Only the lines from the top of the data through the one with "0L30.741 10.71L25.111 28.04H6.889L1.259" are to be written out, each exactly as it stands.

### Given data
☆ ☆ ☆ ☆

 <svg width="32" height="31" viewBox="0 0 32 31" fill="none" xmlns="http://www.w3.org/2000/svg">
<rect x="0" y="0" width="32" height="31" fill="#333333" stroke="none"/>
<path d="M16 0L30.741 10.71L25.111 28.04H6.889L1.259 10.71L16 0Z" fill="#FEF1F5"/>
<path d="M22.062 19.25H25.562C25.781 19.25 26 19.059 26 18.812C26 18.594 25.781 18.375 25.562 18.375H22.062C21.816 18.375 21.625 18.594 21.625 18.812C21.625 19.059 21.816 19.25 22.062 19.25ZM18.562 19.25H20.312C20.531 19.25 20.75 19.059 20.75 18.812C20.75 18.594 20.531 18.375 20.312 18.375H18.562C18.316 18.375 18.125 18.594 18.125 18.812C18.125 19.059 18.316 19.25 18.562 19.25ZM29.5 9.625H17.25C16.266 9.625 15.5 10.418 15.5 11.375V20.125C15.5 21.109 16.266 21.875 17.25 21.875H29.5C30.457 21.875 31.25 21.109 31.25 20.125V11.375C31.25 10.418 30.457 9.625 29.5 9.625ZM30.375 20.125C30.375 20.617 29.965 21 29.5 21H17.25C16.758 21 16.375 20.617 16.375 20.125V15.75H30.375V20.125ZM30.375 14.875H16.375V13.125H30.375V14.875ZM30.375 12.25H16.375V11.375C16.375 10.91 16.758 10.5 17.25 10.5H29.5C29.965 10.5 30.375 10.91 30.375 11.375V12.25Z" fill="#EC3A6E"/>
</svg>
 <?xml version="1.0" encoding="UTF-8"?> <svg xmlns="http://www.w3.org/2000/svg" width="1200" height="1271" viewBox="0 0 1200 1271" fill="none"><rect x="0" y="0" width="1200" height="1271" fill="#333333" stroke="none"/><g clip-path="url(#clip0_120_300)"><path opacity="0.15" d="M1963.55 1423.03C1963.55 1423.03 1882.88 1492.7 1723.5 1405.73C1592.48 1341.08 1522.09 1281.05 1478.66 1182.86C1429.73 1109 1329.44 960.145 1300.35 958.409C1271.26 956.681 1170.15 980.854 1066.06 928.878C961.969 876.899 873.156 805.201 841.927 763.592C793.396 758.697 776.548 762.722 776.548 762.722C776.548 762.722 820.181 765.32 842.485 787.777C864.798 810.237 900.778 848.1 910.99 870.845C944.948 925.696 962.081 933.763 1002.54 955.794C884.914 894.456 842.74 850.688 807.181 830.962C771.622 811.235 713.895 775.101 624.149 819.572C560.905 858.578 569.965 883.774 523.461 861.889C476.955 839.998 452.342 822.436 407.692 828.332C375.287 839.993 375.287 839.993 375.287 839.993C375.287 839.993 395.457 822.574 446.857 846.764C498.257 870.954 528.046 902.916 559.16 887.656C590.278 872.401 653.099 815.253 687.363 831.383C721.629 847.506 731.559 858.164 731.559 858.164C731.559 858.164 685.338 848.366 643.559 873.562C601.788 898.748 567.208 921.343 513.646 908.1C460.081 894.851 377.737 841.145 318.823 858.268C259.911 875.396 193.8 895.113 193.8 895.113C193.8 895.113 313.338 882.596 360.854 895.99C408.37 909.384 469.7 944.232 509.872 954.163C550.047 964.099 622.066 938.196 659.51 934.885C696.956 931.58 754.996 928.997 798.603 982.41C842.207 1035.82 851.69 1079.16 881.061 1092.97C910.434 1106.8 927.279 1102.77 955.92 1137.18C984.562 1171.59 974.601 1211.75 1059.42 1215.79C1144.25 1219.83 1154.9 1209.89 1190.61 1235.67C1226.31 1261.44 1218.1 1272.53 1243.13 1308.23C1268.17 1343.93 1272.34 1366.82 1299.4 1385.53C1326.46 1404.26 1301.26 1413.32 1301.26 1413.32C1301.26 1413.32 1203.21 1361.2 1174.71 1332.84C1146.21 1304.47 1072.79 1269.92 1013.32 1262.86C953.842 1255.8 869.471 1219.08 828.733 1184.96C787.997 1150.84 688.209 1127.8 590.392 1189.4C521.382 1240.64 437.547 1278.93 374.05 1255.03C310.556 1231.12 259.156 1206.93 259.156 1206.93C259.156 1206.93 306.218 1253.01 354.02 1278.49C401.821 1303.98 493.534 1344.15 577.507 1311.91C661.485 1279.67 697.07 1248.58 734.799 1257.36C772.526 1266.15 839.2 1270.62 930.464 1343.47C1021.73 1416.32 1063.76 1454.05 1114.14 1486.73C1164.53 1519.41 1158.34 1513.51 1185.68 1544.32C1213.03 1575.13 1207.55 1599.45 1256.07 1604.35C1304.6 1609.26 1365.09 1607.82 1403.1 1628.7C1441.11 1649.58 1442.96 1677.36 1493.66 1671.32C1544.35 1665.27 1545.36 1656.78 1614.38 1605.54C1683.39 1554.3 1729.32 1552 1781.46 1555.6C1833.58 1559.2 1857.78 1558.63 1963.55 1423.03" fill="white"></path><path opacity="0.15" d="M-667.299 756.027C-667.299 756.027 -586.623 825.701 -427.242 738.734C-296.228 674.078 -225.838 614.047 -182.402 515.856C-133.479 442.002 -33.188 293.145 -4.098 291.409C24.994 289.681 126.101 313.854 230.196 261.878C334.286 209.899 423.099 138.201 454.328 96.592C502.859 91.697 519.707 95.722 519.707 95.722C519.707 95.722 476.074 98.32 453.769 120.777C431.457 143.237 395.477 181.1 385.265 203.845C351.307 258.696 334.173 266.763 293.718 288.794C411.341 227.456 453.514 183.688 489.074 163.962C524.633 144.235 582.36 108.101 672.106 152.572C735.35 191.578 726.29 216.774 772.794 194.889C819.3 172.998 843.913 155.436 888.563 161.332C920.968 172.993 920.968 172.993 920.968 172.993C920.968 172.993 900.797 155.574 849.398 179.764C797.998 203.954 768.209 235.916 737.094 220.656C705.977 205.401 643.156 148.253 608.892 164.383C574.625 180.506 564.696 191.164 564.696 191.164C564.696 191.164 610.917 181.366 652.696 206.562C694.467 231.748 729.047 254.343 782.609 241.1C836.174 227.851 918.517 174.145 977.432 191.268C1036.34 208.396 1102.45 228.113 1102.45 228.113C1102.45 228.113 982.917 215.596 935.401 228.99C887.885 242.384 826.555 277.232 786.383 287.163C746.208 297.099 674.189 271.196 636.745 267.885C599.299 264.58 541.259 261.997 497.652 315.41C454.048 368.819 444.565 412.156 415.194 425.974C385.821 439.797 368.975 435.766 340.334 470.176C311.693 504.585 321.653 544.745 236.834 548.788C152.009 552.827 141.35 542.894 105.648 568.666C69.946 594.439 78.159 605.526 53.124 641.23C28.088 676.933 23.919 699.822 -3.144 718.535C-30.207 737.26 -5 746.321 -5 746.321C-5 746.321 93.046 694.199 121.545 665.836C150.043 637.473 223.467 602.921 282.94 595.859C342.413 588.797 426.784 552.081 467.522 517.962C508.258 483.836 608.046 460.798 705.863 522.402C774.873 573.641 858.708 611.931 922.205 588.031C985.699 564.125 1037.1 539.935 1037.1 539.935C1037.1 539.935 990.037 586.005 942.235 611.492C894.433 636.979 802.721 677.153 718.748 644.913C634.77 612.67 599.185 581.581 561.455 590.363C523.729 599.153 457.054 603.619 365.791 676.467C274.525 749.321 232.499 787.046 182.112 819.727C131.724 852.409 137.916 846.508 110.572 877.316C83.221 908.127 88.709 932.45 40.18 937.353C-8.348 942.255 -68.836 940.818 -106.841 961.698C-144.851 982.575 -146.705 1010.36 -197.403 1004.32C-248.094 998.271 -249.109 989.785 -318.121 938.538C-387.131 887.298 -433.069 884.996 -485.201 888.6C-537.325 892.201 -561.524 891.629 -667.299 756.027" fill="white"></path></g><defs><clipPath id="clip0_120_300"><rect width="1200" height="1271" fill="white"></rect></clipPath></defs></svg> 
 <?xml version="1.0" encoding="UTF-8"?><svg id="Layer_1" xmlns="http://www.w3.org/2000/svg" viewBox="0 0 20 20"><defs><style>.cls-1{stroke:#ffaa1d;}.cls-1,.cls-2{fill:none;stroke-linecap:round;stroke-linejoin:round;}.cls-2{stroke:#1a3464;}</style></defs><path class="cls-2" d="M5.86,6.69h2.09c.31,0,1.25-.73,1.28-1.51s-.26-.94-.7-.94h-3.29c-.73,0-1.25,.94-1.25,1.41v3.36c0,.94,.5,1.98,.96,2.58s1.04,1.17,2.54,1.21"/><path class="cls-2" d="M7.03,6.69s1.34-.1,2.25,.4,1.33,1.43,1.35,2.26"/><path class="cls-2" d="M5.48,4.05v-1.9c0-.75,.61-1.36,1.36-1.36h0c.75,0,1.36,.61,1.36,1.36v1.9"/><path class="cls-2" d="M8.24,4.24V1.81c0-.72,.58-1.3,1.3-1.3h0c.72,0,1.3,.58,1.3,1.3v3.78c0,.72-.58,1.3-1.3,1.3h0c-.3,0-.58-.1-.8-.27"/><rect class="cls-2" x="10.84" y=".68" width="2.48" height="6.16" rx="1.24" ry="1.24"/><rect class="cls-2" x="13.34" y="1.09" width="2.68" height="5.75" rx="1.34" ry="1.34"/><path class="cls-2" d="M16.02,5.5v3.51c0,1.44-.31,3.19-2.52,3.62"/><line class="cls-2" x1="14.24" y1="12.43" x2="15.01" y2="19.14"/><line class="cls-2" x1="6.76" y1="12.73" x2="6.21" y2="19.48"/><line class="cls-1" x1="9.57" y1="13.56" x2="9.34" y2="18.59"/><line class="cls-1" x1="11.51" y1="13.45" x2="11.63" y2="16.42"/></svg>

☆ ☆ ☆ ☆

### Problem solution
 <svg width="32" height="31" viewBox="0 0 32 31" fill="none" xmlns="http://www.w3.org/2000/svg">
<rect x="0" y="0" width="32" height="31" fill="#333333" stroke="none"/>
<path d="M16 0L30.741 10.71L25.111 28.04H6.889L1.259 10.71L16 0Z" fill="#FEF1F5"/>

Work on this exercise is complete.